All of the data for the 1-table tests is here and for the 16-table tests is here. I adjusted iostat bytes written metrics for MyRocks because it currently counts bytes trimmed as bytes written which is an issue for RocksDB but my adjustment is not exact.

For most of the results below I compare rates for this test with rates for the 16-table test and skip the graphs that show HW efficiency metrics.

Size

This graph shows the database size when the load ends for the 16 table and 1 table tests. For MyRocks and TokuDB the database size is similar for both tests. The InnoDB result is odd because the size is almost 1.25X larger for the 1 table test. From SHOW TABLE STATUS the data_length was about 2X larger for the 1 table test. From iostat output the PK scan for the 1 table test reads ~205gb while the 16 table test reads ~125gb. So the PK uses almost 2X more space than it should when there are concurrent inserters to the same table. The inserts are multi-row and the PK is auto-inc so the inserts grow the b-tree to the right. I filed bug 88827 for this.


Load

This graph shows the insert rate for the 16 and 1 table tests. Some engines get more inserts/second with 1 table, others get more with 16 tables:
  • More with 16 tables: ~1.1X more for MyRocks, ~2X more for TokuDB
  • More with 1 table: 1.3X more for InnoDB 5.6, 1.4X more for InnoDB 5.7 and 8.0



Scan

These graphs show the scan times relative to the scan time for InnoDB 5.6.35. A value > 1 means the engine is slower than InnoDB. The first graph is from the 16 table test and the second is from the 1 table test.
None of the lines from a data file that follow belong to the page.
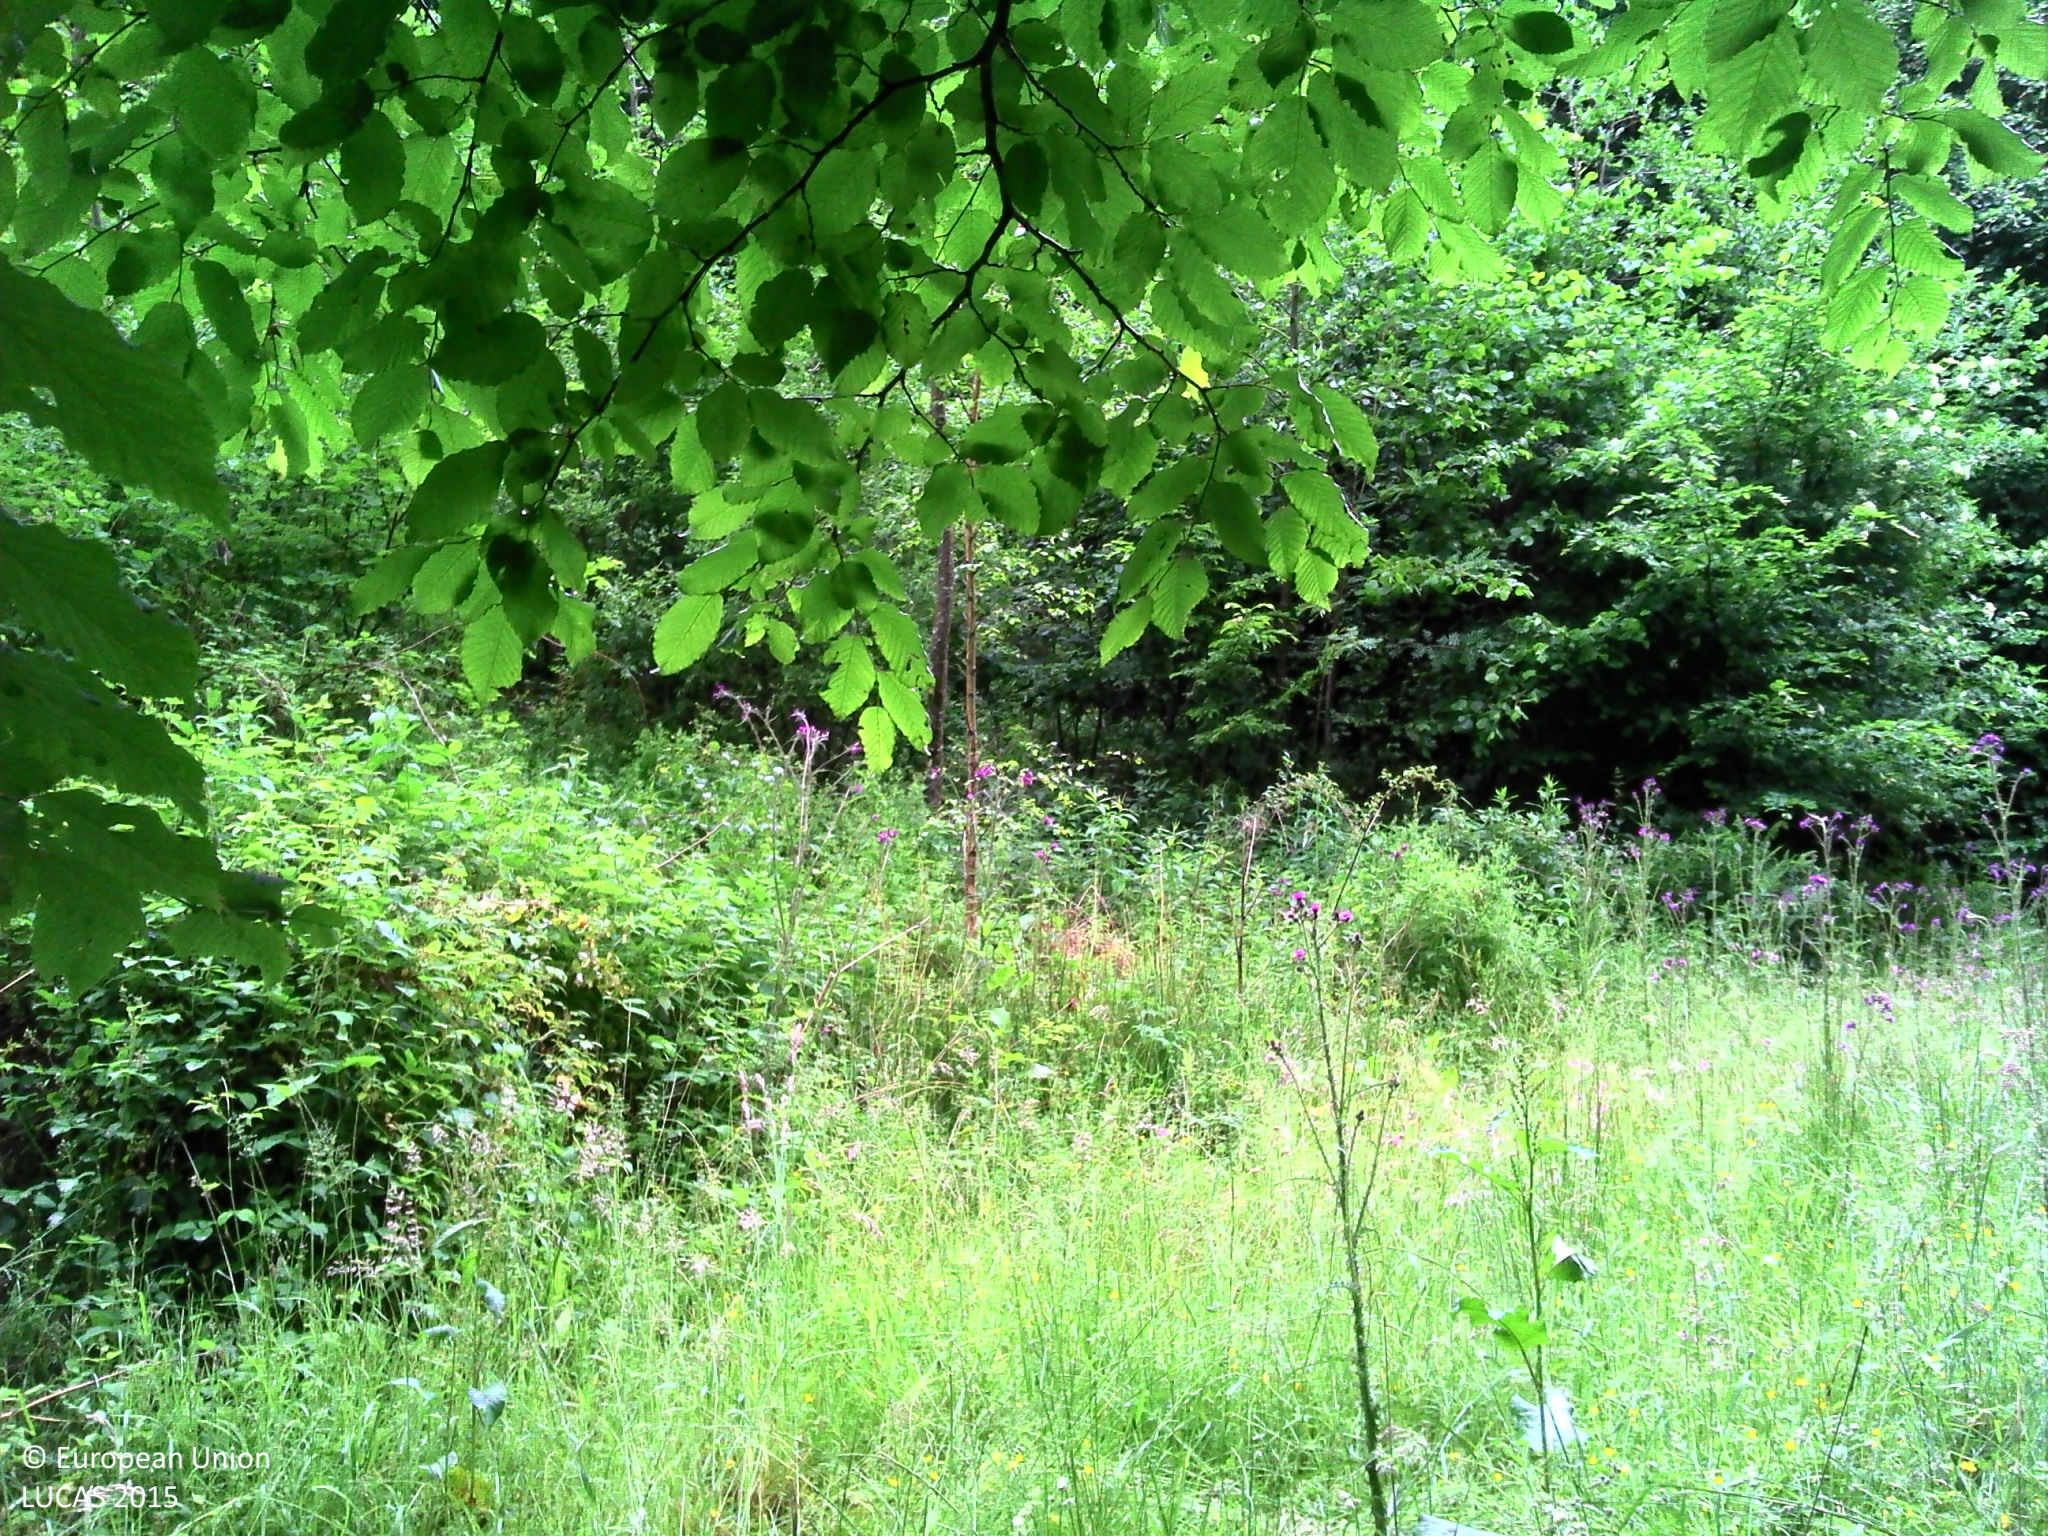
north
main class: Woodland
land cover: Broadleaved woodland
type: mesophytic deciduous forest
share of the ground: 50 - 75 %
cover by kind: broadleaved forest trees 60 %, shrubs 40 %
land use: Forestry
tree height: > 5 m
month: June
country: BE
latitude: 50.1677
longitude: 5.5043
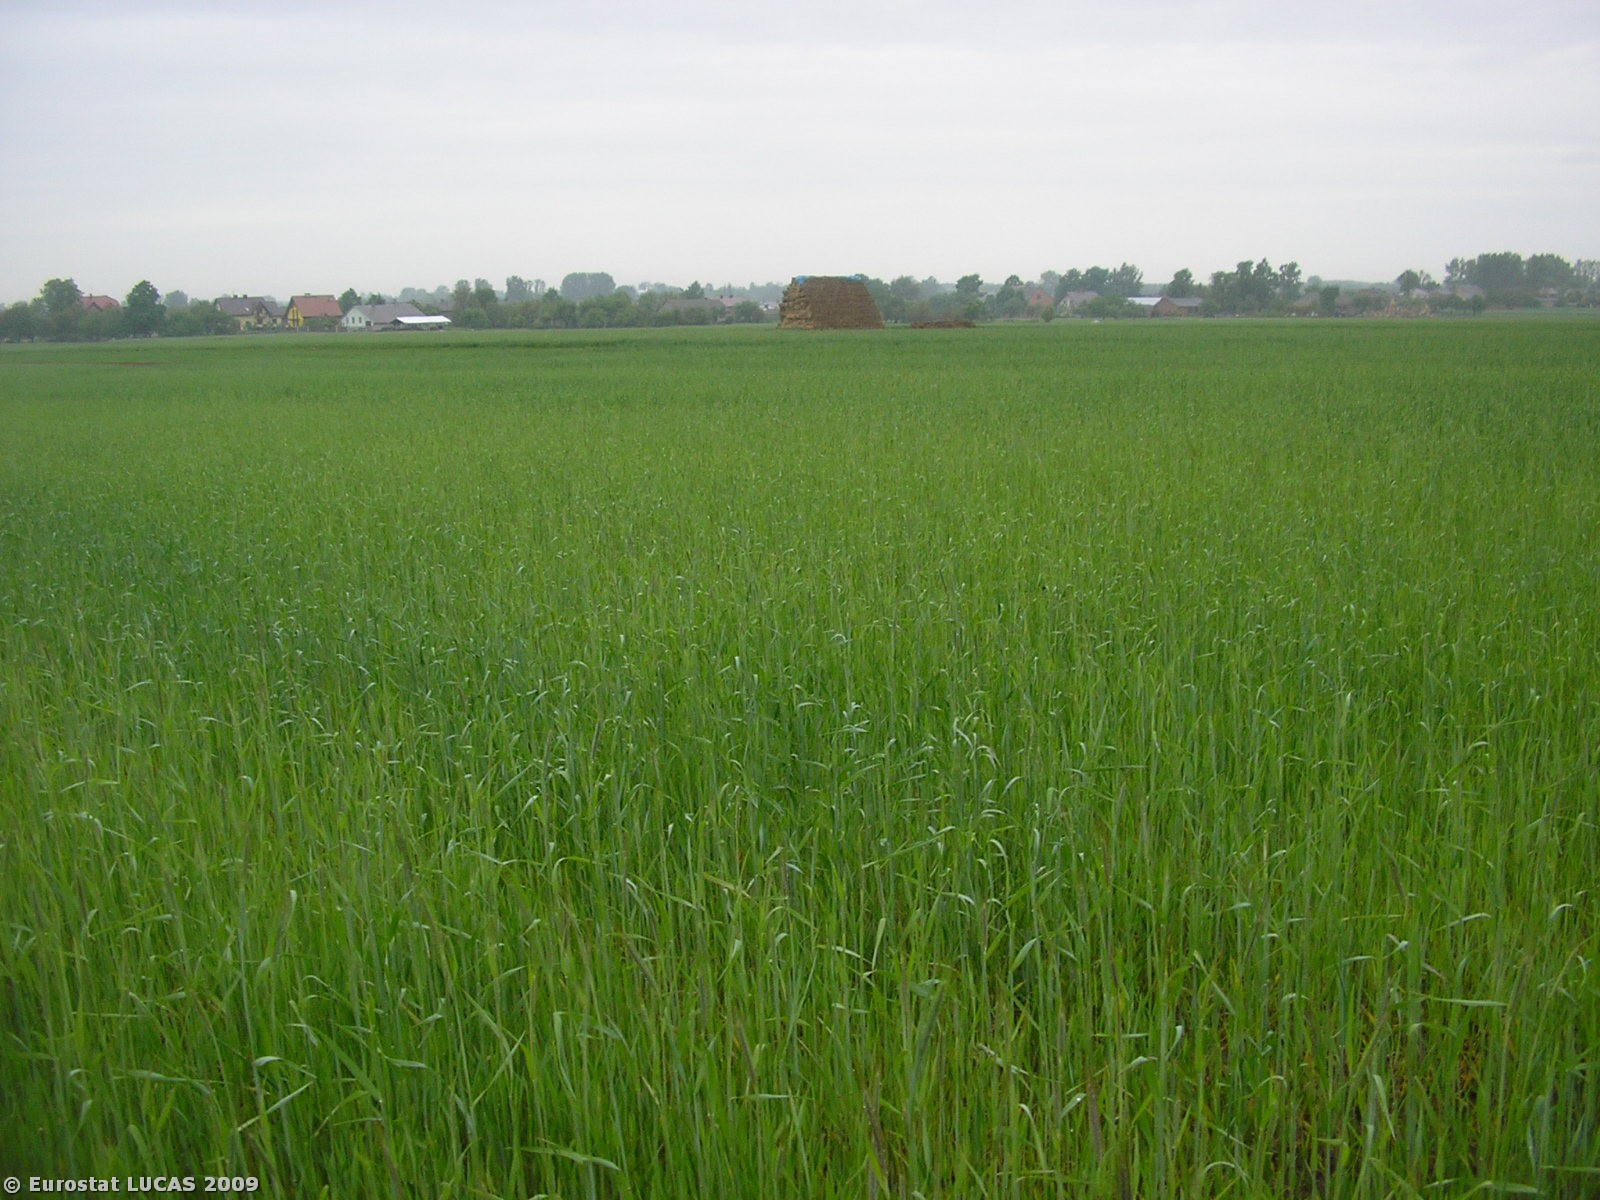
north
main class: Cropland
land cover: Rye
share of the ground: > 75 %
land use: Agriculture (excluding fallow land and kitchen gardens)
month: May
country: PL
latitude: 51.7892
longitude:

In both cases the MyRocks secondary index scan is about as fast as InnoDB. But the PK scan MyRocks is more than 2X slower than InnoDB in the 16 table test and 2X to 3X faster than InnoDB for the 1 table test.

What might explain the difference in PK scan times? MyRocks was ~2X slower than InnoDB in the 16 table test and ~3X faster than InnoDB in the 1 table test. That is a change of 6X. The output from vmstat and iostat can help for the 16 table and 1 table tests. This is in the q5 section which is the second scan of the PK and I will compare myrocks.jun16.none with inno5635.

  • First, the InnoDB PK uses ~2X more space for the 1 table test, so there is 2X more data to scan. But with hand waving that should explain only 2X of the 6X change.
  • On the 16 table test InnoDB 5.6 gets ~3X more MB/s of storage reads compared to MyRocks: 2353.7 vs ~828.1. But on the 1 table test InnoDB 5.6 gets less storage read MB/s than MyRocks: 67.4 vs 94.8.
  • One reason for getting less read MB/s from storage is using more CPU and that appears true in this case. The Mcpu/o column has the CPU overhead per row read. For the 16 table test it is 1.278 for InnoDB 5.6 vs 1.100 for MyRocks. On the 1 table test it is 3.547 for InnoDB 5.6 vs 1.807 for MyRocks. So InnoDB is only using ~1.2X more CPU than MyRocks on the 16 table test but ~2X more CPU on the 1 table test.